Content starts

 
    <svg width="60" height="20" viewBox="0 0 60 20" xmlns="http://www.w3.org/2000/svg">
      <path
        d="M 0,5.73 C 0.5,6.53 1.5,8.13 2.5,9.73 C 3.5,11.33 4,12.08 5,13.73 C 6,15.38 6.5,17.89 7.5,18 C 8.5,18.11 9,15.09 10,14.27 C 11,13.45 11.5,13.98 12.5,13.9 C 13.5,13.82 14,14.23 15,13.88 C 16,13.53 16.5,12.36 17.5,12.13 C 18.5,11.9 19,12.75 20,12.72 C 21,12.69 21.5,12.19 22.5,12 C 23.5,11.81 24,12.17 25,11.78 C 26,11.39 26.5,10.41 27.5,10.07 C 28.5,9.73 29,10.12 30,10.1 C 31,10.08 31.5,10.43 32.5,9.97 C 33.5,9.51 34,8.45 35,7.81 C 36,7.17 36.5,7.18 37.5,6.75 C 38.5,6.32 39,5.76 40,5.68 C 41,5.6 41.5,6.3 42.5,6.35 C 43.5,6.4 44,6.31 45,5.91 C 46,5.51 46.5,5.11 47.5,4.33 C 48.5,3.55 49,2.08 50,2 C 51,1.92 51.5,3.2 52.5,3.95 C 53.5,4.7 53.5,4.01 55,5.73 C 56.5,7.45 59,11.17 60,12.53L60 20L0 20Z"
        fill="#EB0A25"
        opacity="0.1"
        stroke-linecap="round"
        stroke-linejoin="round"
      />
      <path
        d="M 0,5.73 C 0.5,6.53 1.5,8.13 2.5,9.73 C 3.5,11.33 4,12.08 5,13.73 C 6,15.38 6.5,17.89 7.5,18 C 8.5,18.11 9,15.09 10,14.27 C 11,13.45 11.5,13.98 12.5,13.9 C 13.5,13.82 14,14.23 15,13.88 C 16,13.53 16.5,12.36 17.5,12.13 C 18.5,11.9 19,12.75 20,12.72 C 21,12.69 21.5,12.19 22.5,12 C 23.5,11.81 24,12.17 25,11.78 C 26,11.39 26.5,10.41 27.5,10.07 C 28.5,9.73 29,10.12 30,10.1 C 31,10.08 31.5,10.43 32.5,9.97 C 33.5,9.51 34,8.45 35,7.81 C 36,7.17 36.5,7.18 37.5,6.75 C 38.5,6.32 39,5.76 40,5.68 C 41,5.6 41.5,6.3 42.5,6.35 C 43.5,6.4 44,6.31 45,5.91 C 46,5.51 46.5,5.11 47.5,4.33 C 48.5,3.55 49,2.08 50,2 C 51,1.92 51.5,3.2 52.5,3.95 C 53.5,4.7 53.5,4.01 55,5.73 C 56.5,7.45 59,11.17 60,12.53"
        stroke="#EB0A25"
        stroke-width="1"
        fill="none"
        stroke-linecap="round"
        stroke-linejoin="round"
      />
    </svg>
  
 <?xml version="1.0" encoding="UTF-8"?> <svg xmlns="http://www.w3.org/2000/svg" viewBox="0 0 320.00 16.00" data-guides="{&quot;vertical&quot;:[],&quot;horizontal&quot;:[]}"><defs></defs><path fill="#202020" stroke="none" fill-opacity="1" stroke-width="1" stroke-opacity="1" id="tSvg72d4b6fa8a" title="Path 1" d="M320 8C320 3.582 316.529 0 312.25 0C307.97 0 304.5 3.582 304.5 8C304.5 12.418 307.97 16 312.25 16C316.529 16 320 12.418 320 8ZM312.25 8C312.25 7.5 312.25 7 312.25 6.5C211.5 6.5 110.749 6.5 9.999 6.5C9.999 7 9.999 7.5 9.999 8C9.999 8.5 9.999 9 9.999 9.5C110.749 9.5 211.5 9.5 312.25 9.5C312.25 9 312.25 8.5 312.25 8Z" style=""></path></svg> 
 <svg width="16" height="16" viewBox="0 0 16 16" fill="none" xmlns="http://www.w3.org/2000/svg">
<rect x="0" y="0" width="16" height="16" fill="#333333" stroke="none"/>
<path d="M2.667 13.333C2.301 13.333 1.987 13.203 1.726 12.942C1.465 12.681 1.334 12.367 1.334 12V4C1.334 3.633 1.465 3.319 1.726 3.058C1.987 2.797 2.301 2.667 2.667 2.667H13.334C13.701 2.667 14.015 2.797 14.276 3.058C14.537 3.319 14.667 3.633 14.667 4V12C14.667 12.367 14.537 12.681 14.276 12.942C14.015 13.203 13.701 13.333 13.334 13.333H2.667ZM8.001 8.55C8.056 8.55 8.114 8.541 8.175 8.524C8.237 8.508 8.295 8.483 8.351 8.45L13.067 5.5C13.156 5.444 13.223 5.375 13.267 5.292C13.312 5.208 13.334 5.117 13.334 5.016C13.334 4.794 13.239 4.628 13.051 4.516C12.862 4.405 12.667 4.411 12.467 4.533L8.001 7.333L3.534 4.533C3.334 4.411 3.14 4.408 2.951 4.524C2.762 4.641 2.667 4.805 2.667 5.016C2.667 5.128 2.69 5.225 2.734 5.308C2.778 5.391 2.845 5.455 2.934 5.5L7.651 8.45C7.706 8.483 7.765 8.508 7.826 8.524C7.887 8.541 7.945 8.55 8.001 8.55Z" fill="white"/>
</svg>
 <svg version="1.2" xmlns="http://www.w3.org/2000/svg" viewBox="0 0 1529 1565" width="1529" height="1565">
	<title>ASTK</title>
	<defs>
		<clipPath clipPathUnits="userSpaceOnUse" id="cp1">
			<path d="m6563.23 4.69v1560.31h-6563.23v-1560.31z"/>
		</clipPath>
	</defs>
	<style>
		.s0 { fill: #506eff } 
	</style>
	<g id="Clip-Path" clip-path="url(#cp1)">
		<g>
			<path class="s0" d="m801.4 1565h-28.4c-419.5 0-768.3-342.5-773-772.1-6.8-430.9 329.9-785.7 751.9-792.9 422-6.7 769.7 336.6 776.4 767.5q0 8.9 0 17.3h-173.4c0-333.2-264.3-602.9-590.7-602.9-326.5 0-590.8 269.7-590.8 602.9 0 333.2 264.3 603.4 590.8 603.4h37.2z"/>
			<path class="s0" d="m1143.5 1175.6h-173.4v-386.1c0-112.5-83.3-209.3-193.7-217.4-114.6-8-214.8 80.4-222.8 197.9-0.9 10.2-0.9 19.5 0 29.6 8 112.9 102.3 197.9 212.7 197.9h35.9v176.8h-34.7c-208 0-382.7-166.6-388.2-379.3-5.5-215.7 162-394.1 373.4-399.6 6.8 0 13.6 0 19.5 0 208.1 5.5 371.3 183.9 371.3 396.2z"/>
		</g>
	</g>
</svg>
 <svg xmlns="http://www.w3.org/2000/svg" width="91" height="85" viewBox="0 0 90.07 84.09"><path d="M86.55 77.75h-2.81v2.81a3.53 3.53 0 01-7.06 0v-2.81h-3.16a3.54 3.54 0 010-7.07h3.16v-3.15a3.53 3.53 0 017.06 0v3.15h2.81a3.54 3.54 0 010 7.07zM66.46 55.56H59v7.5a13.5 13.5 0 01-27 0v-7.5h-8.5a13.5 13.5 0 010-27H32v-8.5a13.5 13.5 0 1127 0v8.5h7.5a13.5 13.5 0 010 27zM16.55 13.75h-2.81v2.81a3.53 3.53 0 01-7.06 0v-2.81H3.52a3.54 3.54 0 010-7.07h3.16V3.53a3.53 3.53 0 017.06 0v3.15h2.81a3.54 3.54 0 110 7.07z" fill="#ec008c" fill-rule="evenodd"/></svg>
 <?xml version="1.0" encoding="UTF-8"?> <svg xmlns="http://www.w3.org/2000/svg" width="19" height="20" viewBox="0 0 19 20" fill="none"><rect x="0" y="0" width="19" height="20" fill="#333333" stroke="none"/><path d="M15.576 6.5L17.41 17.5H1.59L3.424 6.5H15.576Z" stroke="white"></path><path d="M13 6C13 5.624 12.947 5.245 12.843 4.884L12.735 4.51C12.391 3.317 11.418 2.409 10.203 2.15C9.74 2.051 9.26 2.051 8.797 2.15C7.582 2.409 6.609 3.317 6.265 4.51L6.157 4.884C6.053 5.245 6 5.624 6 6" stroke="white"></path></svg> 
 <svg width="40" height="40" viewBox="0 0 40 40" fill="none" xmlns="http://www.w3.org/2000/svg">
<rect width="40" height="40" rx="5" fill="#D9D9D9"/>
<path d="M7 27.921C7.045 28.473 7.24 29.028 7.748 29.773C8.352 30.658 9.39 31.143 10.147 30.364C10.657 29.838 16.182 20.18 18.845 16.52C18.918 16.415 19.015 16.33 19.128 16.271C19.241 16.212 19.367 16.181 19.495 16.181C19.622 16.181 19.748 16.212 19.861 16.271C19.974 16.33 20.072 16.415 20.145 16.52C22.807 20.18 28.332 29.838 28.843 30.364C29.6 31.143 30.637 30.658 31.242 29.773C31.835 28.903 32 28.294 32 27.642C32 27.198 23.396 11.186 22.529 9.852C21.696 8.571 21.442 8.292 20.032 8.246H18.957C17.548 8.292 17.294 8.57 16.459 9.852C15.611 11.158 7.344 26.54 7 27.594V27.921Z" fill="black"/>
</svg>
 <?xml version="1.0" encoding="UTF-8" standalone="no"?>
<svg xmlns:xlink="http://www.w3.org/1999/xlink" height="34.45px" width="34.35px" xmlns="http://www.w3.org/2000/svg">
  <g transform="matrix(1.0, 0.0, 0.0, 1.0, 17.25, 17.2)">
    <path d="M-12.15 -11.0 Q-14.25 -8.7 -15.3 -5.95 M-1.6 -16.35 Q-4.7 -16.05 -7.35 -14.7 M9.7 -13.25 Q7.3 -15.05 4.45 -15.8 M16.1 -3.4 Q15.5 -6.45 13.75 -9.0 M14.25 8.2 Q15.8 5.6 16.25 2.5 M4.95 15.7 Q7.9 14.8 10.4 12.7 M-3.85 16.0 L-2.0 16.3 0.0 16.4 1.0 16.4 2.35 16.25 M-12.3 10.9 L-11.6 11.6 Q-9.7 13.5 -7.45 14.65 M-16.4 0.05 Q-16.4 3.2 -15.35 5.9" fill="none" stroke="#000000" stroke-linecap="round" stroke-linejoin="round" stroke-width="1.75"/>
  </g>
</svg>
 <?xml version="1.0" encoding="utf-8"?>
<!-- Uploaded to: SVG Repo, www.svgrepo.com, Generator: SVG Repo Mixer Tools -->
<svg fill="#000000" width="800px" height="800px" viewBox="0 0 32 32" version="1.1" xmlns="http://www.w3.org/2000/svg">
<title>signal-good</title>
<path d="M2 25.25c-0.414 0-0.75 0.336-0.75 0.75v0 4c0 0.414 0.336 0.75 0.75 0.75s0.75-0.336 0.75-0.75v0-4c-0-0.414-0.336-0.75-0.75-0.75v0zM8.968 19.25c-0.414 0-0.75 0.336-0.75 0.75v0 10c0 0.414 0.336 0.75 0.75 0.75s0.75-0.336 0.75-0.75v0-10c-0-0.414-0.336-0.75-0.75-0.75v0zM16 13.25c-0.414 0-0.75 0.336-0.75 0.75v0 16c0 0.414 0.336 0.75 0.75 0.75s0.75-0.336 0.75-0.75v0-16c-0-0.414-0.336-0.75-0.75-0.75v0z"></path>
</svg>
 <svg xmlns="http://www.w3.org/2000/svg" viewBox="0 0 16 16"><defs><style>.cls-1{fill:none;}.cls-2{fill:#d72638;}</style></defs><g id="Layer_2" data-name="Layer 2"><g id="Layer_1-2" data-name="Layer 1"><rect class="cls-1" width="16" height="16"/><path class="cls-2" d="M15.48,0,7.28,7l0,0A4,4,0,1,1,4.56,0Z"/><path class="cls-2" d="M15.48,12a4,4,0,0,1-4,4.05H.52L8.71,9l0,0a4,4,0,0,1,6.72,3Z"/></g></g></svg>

Content ends

# WORK REQUEST
With "clipPath" as the string to match, show every line of the entries above that has it.

# PROBLEM SOLUTION
		<clipPath clipPathUnits="userSpaceOnUse" id="cp1">
		</clipPath>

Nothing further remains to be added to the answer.